═════ Information provided ═════

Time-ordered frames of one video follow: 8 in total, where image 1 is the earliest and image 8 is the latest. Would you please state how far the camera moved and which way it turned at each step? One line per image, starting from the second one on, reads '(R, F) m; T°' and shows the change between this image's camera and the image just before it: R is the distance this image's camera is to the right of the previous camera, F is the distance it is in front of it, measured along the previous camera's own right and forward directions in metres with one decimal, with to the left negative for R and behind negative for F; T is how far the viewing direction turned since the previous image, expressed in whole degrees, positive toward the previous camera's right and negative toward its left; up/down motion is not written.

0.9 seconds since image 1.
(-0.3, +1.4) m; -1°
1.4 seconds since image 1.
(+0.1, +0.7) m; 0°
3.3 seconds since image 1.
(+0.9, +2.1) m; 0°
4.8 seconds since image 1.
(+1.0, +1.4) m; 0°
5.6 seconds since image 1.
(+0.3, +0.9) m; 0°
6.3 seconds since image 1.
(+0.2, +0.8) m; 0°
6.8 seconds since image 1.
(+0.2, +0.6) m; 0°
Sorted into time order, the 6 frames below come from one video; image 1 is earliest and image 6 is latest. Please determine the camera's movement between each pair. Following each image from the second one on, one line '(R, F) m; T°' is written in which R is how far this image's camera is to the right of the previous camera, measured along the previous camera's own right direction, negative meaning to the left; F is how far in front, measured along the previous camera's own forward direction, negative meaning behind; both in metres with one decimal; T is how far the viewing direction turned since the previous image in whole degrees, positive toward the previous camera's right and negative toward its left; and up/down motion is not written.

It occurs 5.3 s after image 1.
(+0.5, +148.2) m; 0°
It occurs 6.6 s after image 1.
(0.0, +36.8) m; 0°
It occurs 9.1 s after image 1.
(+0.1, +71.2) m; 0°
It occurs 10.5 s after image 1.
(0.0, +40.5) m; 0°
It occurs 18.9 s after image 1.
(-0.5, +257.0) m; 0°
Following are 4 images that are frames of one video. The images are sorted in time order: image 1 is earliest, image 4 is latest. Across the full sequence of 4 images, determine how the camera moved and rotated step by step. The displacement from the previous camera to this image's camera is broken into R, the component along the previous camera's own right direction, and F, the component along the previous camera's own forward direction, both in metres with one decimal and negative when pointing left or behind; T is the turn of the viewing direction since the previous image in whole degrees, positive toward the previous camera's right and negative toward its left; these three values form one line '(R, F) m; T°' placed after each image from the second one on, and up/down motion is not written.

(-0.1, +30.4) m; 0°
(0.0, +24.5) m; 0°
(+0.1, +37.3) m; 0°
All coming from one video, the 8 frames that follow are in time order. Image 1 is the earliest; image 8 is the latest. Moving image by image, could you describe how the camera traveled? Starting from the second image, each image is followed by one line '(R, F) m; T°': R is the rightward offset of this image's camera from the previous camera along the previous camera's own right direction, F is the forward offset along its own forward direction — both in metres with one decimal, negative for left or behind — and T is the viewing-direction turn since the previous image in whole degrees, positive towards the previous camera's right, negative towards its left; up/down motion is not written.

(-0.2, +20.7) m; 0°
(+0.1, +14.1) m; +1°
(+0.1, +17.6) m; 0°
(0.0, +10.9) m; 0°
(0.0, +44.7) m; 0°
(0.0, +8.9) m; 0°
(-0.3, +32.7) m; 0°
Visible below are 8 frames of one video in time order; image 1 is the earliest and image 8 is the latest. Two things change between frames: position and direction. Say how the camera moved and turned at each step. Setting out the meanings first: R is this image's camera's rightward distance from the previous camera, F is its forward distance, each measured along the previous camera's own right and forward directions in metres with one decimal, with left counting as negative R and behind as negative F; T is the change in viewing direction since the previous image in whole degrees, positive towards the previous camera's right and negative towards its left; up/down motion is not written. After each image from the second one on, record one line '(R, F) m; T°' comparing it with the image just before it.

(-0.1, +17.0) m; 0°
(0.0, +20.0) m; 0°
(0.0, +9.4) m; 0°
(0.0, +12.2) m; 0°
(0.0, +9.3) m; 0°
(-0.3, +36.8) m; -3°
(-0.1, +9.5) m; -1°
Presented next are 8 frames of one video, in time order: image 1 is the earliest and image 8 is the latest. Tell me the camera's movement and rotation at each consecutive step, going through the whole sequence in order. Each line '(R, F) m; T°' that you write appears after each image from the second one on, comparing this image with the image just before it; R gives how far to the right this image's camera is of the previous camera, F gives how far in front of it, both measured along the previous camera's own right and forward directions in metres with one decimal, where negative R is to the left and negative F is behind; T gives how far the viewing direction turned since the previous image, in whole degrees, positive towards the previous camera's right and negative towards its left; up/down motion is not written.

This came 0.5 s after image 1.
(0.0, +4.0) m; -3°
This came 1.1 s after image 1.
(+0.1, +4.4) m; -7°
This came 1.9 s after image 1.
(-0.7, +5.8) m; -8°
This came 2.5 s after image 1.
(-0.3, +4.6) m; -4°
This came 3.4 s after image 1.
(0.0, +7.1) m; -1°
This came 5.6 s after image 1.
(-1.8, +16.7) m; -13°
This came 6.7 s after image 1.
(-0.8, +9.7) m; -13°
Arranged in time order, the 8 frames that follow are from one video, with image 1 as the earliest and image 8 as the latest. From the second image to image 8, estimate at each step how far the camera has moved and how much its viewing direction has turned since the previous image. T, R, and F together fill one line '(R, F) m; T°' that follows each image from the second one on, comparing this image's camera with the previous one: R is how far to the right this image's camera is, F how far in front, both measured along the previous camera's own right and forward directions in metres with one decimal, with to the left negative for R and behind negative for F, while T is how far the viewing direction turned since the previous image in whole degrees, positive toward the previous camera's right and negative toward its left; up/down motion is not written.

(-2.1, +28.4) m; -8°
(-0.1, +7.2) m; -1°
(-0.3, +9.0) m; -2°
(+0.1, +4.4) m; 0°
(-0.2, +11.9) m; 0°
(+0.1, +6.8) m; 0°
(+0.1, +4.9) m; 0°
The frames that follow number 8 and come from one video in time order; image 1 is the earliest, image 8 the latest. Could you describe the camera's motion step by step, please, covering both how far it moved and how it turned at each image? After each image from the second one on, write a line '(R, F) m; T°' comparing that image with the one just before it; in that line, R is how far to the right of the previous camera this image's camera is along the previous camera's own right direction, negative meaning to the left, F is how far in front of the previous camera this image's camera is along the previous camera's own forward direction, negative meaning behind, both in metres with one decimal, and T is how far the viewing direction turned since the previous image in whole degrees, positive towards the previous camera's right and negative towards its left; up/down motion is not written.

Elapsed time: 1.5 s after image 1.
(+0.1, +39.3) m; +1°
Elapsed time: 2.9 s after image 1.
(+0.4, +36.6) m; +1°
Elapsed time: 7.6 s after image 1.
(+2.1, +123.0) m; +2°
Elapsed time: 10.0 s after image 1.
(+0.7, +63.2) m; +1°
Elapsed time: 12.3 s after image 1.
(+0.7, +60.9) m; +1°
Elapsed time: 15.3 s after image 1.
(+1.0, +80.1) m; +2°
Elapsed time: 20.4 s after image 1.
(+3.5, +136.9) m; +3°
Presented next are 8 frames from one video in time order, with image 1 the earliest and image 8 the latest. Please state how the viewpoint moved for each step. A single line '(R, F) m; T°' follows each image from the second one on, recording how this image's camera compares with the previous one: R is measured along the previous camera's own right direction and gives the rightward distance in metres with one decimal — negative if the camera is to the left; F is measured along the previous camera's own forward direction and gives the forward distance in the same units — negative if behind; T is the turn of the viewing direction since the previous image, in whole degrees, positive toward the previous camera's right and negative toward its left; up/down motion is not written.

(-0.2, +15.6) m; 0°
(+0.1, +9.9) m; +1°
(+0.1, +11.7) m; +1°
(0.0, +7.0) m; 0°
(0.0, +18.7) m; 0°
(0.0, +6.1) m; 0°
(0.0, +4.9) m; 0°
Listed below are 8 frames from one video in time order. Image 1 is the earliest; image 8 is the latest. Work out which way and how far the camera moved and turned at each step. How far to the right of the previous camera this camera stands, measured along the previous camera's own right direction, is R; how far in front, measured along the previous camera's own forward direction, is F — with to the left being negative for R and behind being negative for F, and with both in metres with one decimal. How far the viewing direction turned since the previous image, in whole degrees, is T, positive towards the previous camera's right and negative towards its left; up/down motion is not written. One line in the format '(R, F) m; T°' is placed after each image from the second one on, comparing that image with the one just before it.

═════

**Required work:**
Read through the lines above and collect those that contain the string "movement".

**Problem solution:**
Sorted into time order, the 6 frames below come from one video; image 1 is earliest and image 6 is latest. Please determine the camera's movement between each pair. Following each image from the second one on, one line '(R, F) m; T°' is written in which R is how far this image's camera is to the right of the previous camera, measured along the previous camera's own right direction, negative meaning to the left; F is how far in front, measured along the previous camera's own forward direction, negative meaning behind; both in metres with one decimal; T is how far the viewing direction turned since the previous image in whole degrees, positive toward the previous camera's right and negative toward its left; and up/down motion is not written.
Presented next are 8 frames of one video, in time order: image 1 is the earliest and image 8 is the latest. Tell me the camera's movement and rotation at each consecutive step, going through the whole sequence in order. Each line '(R, F) m; T°' that you write appears after each image from the second one on, comparing this image with the image just before it; R gives how far to the right this image's camera is of the previous camera, F gives how far in front of it, both measured along the previous camera's own right and forward directions in metres with one decimal, where negative R is to the left and negative F is behind; T gives how far the viewing direction turned since the previous image, in whole degrees, positive towards the previous camera's right and negative towards its left; up/down motion is not written.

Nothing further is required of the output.